If you plan on waiting it out I would in the meantime remember to standing up very slowly till you can seek medical assistance.


----------



## Octavia (Aug 1, 2011)

"Clumsy" is entirely different from blacking out, in my opinion. If it happens again, then it needs to be addressed sooner than two weeks out. Urgent care might not be a bad idea if that happens. They can at least do some labwork there (I would hope) to see what your levels are as close to the moment as possible.


----------



## Calypso234 (May 11, 2014)

creepingdeath said:


> If you are experiencing the feeling of passing out every time you stand up and you are very concerned,
> I would go to an urgent care facility or hospital and not wait for an appointment.
> If you plan on waiting it out I would in the meantime remember to standing up very slowly till you can seek medical assistance.

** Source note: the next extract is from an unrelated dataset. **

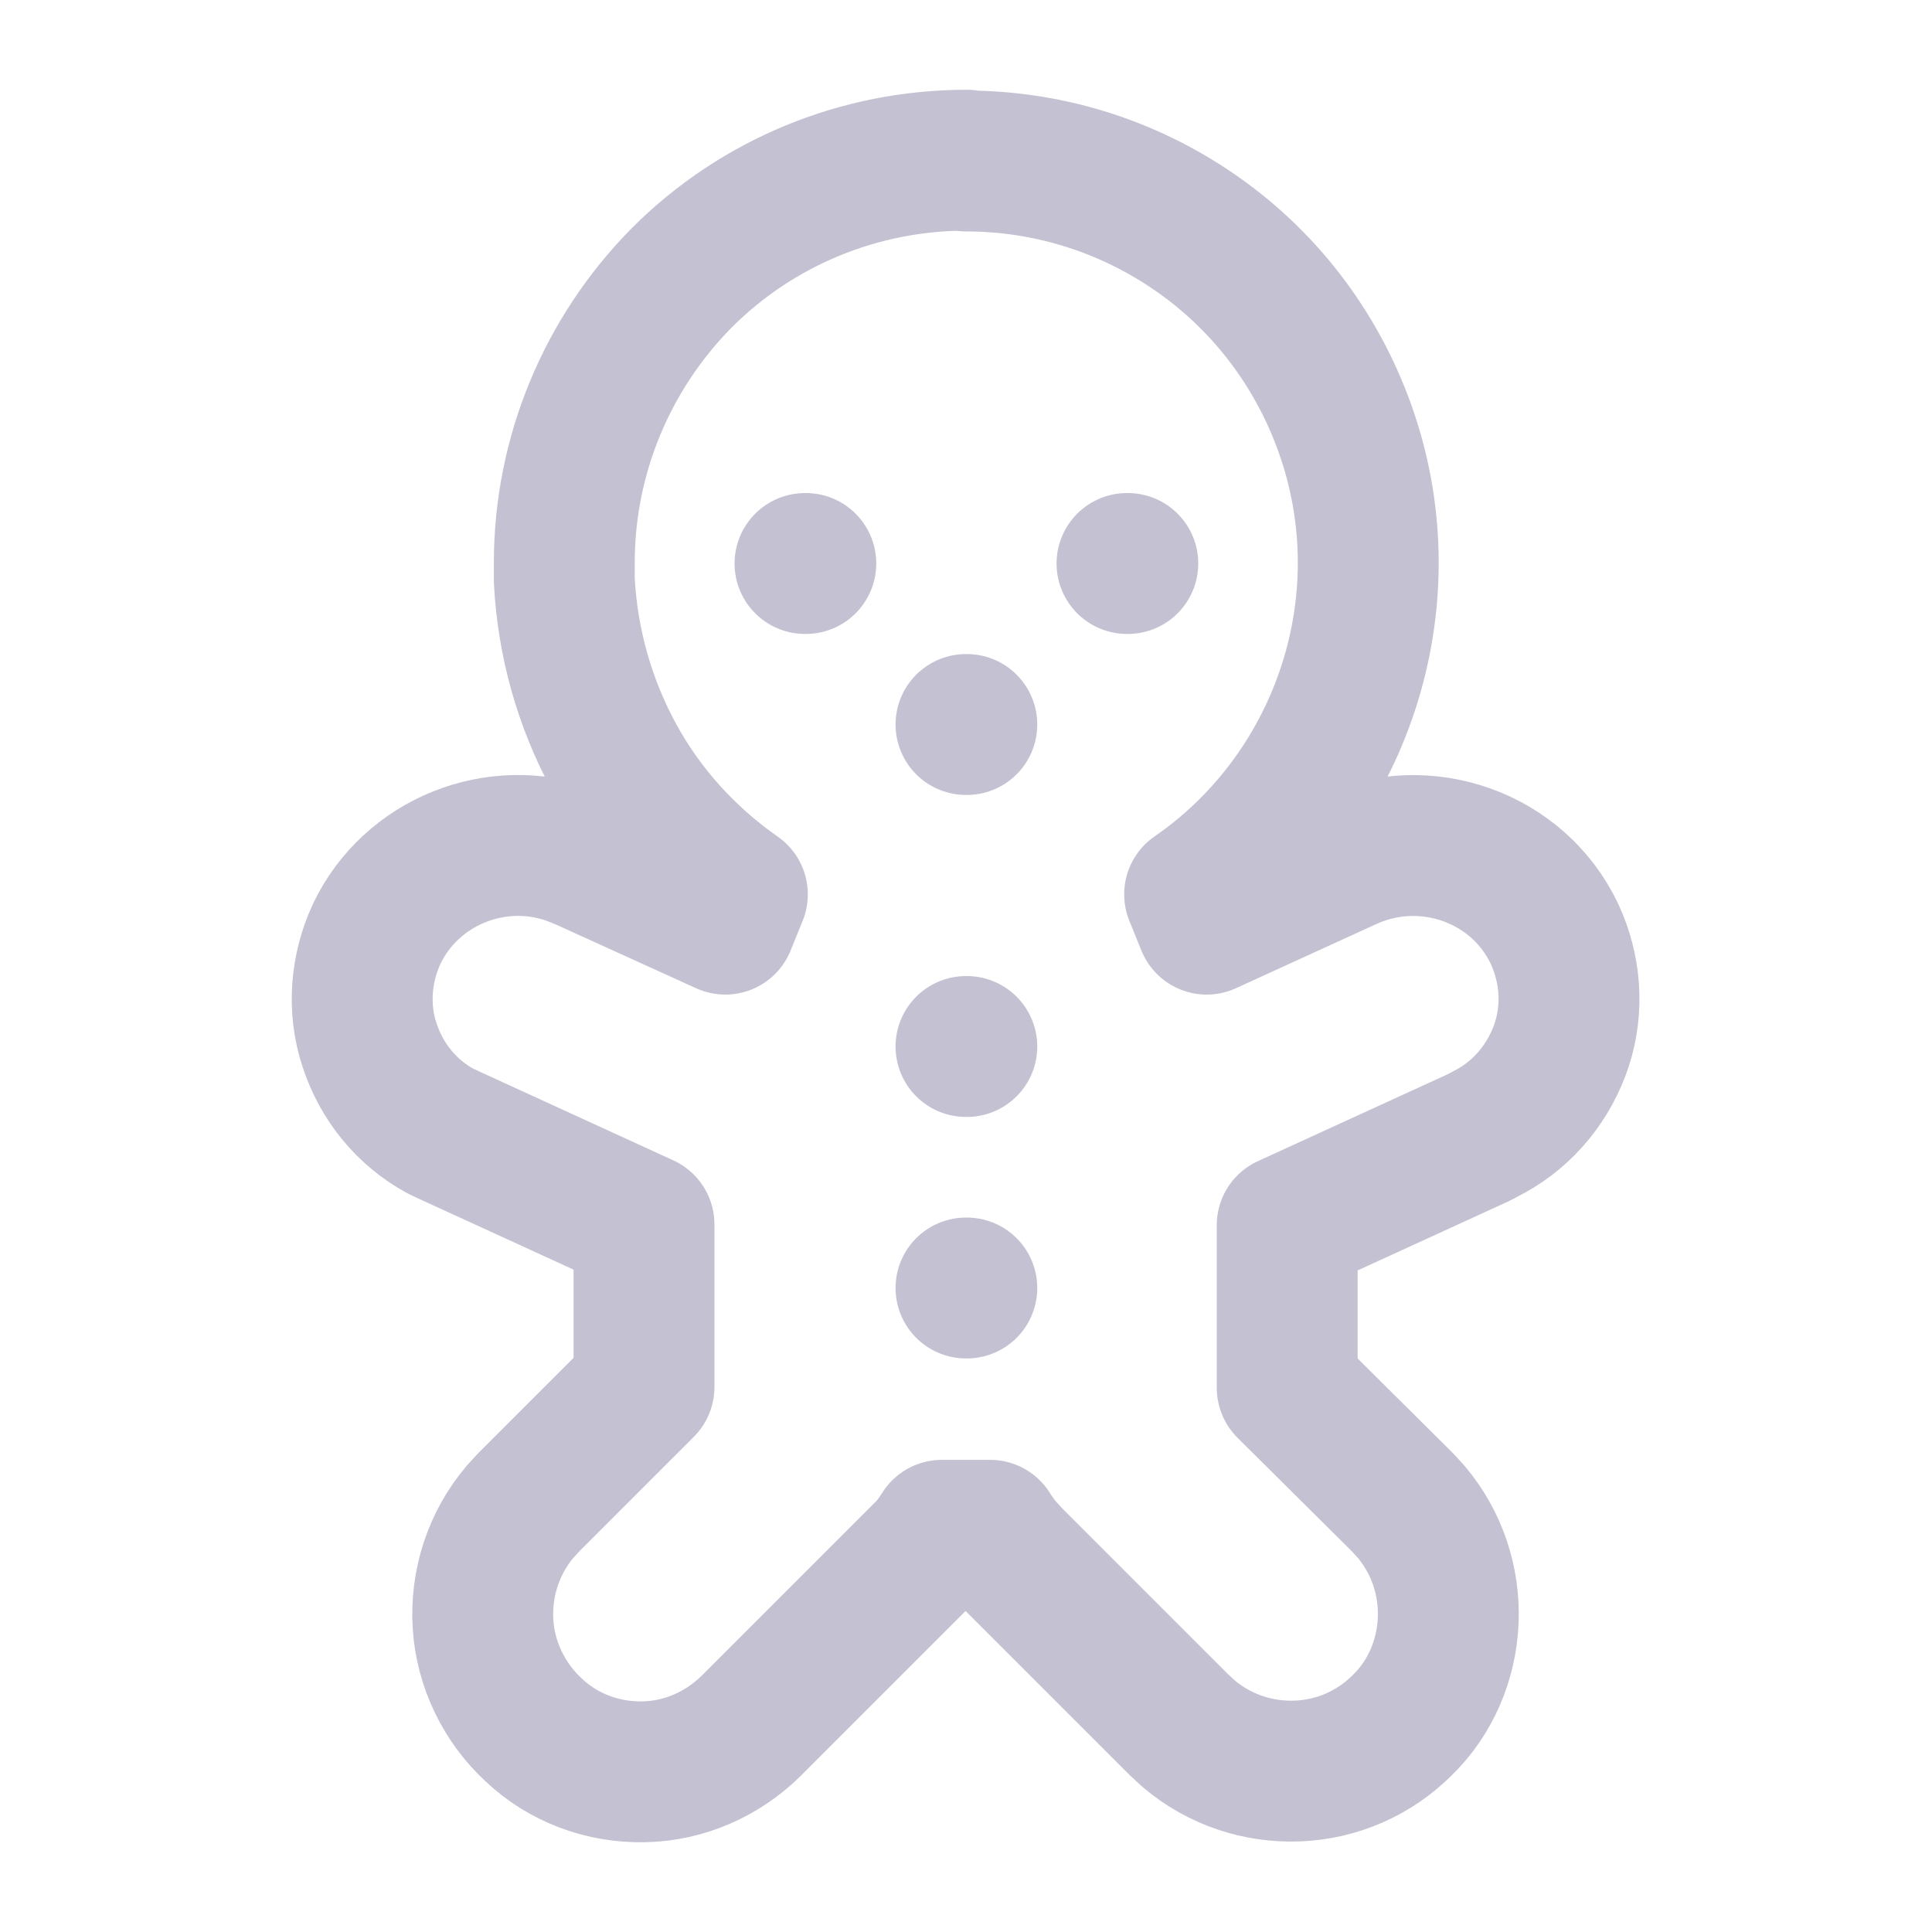 <?xml version="1.0" encoding="UTF-8"?><svg id="Layer_1" xmlns="http://www.w3.org/2000/svg" xmlns:xlink="http://www.w3.org/1999/xlink" viewBox="0 0 24 24"><defs><style>.cls-1,.cls-2{fill:none;}.cls-2{stroke:#c3c1d2;stroke-linecap:round;stroke-linejoin:round;stroke-width:1.75px;}.cls-3{clip-path:url(#clippath);}</style><clipPath id="clippath"><rect class="cls-1" width="24" height="24"/></clipPath></defs><g class="cls-3"><path class="cls-2" d="M12,2c1.07,0,2.1.34,2.96.97.86.63,1.49,1.52,1.81,2.54.32,1.02.3,2.11-.05,3.12-.35,1.01-1.01,1.88-1.88,2.48l.15.37,1.75-.8c.97-.44,2.12-.03,2.57.92.2.43.24.92.09,1.38-.15.45-.46.84-.88,1.07l-.15.08-2.38,1.09v2.02l1.43,1.42.11.12c.32.38.48.86.46,1.35-.02.49-.22.96-.57,1.3-.35.35-.81.55-1.3.57-.49.02-.97-.14-1.35-.46l-.12-.11-2.08-2.08-.11-.12c-.06-.07-.11-.14-.16-.22h-.6c-.05.08-.1.15-.16.22l-.12.12-2.08,2.08c-.36.36-.84.57-1.34.58-.51.01-1-.17-1.37-.52-.37-.34-.6-.82-.63-1.32-.03-.5.13-1,.46-1.39l.11-.12,1.43-1.43v-2.02l-2.38-1.09-.15-.07c-.42-.23-.73-.61-.88-1.07-.15-.45-.11-.95.09-1.38.43-.9,1.49-1.32,2.42-.98l.15.06,1.76.8.15-.37c-.63-.44-1.16-1.02-1.53-1.7-.37-.68-.58-1.43-.62-2.2v-.22c0-1.33.53-2.6,1.46-3.54.94-.94,2.21-1.46,3.54-1.46h0Z"/><path class="cls-2" d="M12,16h.01"/><path class="cls-2" d="M12,13h.01"/><path class="cls-2" d="M10,7h.01"/><path class="cls-2" d="M14,7h.01"/><path class="cls-2" d="M12,9h.01"/></g></svg>

Thankyou, I have had more occurrences of passing out over the past few days but tonight made me very concerned because I had a warm feeling under my eyes and along the bridge of my nose. My boyfriend doesn't like me going to urgent care facilities or hospitals because whenever I go there everything comes back clear and he tells me I am crying wolf.


----------



## Calypso234 (May 11, 2014)

Octavia said:


> "Clumsy" is entirely different from blacking out, in my opinion. If it happens again, then it needs to be addressed sooner than two weeks out. Urgent care might not be a bad idea if that happens. They can at least do some labwork there (I would hope) to see what your levels are as close to the moment as possible.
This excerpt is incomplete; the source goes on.